Instructions for the task ▸ Work out the number of lines in the listing below that include "semibold", and answer with it alone.

Supplied material ▸

-- -- --

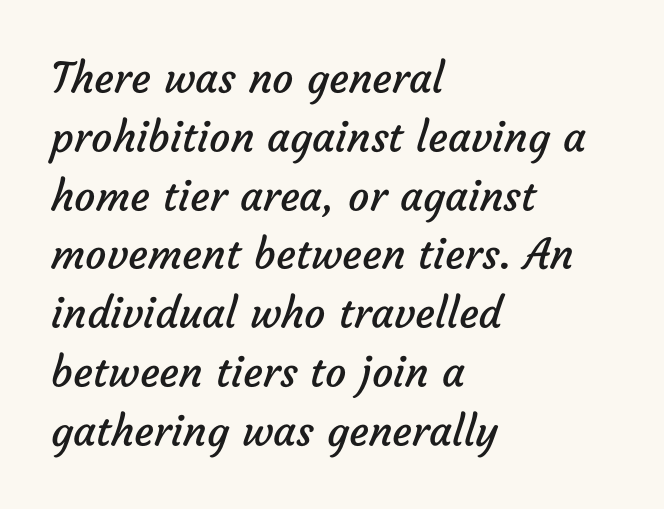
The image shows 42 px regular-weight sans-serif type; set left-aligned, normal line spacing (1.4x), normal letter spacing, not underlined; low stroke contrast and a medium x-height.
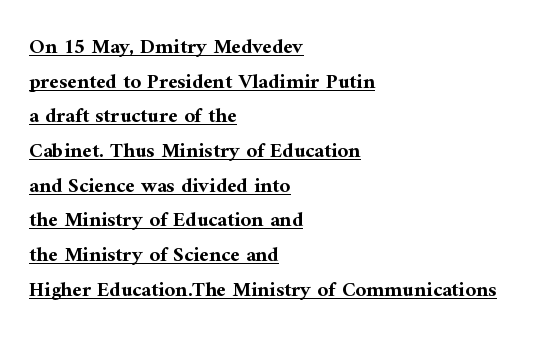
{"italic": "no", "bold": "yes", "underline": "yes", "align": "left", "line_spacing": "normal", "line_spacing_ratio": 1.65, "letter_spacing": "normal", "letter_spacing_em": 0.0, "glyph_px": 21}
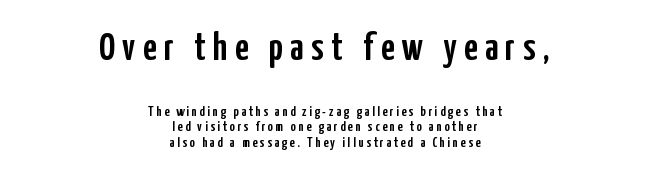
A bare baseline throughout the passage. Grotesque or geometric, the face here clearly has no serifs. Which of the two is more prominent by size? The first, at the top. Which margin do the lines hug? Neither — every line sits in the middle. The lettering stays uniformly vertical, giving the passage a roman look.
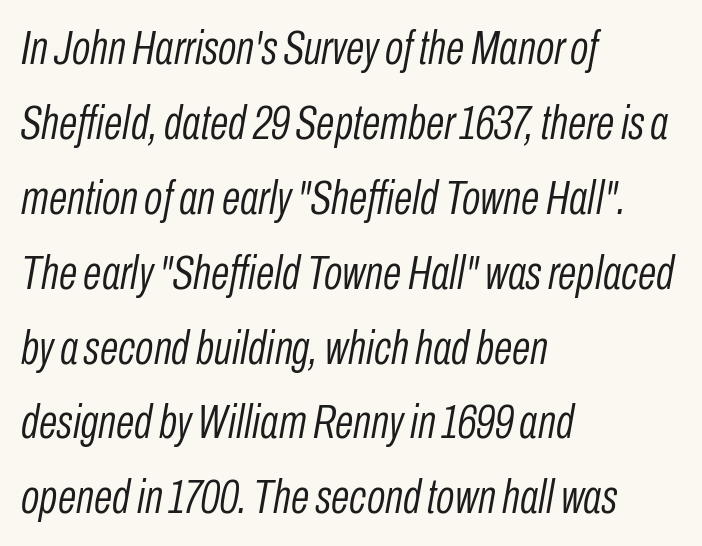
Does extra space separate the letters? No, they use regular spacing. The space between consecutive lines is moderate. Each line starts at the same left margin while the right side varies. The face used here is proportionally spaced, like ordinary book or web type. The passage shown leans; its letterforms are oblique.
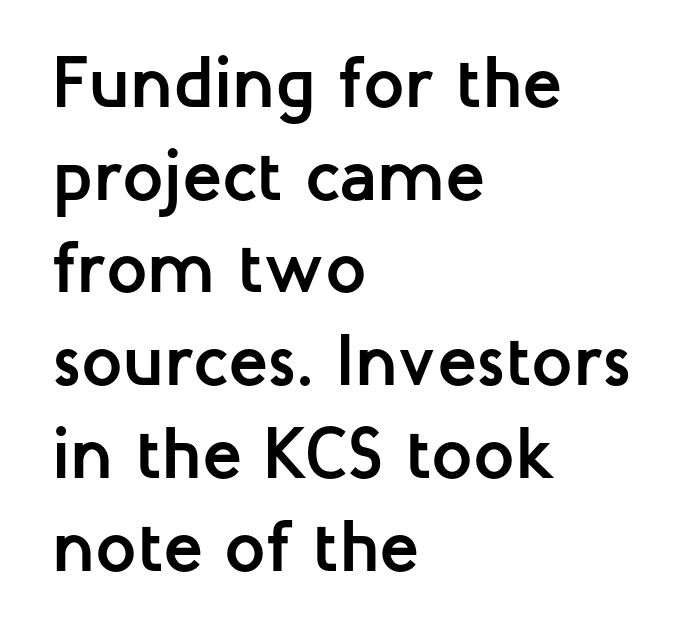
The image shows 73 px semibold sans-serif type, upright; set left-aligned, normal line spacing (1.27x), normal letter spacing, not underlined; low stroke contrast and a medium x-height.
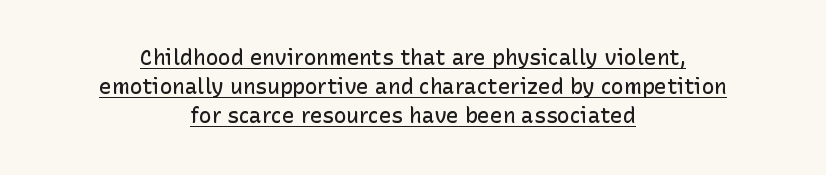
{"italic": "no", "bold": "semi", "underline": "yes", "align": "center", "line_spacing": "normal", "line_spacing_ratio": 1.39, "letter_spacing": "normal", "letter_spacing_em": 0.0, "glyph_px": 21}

-- -- --

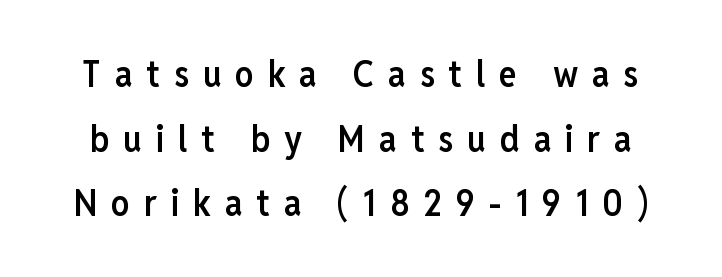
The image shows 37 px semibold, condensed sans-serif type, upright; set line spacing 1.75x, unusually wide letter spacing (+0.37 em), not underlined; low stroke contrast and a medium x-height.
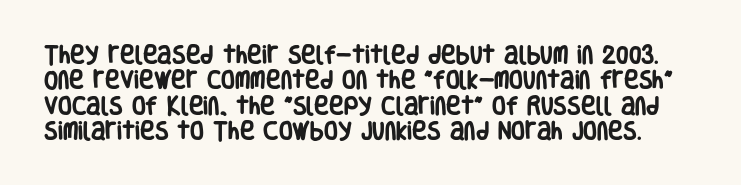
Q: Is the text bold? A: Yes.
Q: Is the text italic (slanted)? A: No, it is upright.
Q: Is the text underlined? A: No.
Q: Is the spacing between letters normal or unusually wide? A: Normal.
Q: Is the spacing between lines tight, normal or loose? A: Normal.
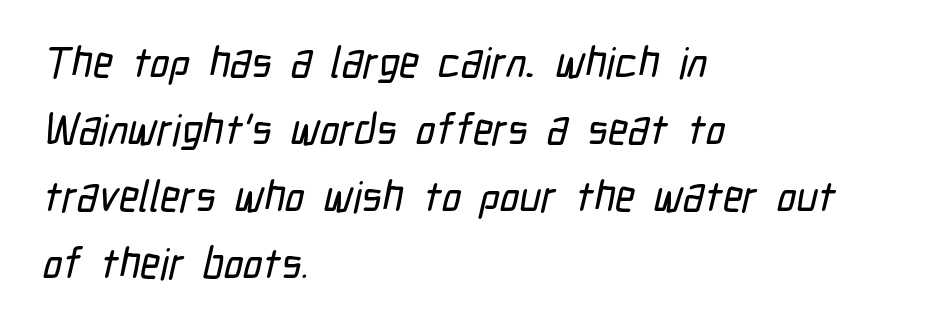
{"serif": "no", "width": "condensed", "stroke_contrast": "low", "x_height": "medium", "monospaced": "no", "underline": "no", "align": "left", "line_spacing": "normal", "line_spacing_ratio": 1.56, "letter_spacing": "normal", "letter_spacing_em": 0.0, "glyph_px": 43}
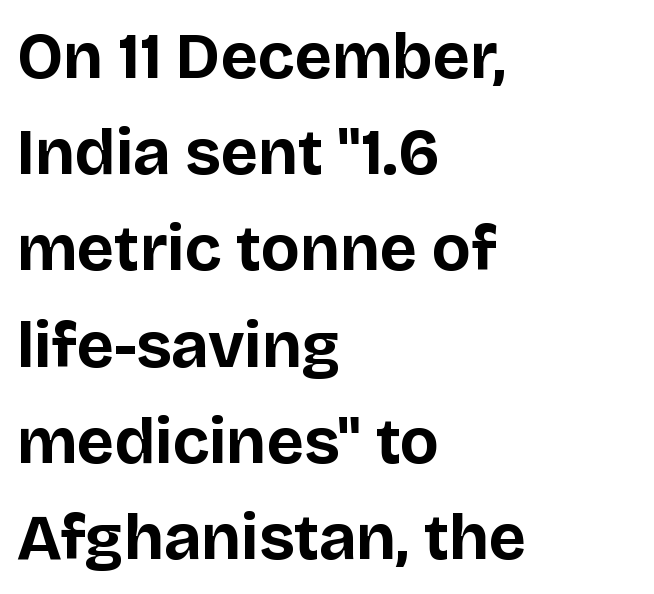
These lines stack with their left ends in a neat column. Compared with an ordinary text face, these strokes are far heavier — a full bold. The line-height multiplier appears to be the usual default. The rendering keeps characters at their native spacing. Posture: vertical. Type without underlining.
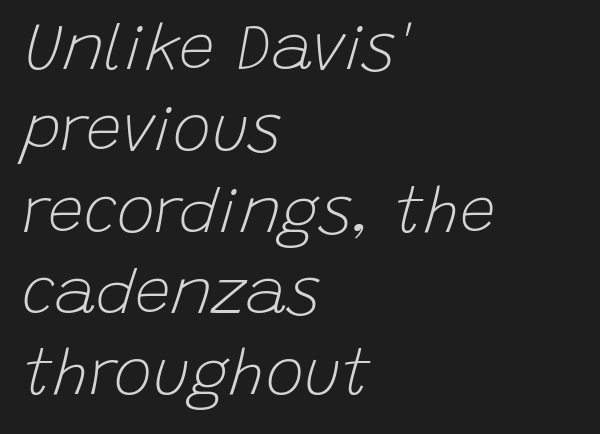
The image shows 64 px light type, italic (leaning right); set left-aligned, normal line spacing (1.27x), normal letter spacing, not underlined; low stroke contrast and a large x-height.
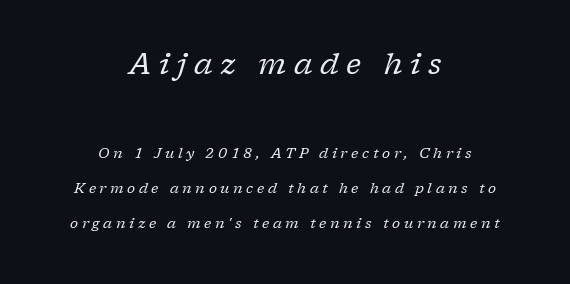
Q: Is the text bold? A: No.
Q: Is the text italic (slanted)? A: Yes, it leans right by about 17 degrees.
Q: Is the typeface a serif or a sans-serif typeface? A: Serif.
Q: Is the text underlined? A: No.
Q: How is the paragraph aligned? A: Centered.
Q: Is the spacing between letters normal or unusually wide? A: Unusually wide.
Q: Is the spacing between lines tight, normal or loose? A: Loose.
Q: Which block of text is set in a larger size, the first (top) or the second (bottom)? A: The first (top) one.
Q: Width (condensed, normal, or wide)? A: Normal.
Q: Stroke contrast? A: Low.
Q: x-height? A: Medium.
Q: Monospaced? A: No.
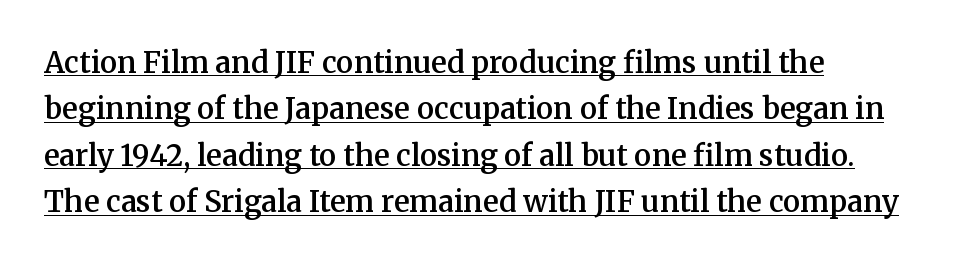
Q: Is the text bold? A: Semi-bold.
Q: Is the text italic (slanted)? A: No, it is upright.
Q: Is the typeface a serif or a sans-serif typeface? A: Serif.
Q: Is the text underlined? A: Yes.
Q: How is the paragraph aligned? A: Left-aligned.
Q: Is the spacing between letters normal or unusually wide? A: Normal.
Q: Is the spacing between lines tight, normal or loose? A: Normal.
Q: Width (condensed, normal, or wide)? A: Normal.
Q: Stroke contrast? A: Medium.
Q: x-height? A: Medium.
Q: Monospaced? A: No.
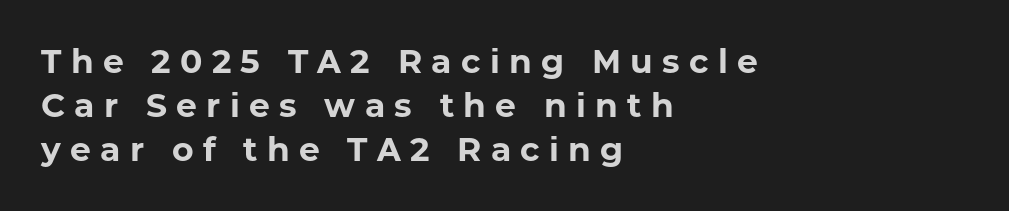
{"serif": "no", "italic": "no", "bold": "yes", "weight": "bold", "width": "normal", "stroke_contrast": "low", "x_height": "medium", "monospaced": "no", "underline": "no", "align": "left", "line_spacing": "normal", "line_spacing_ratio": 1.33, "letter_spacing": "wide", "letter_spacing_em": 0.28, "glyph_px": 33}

-- -- --

Task result ▸ 2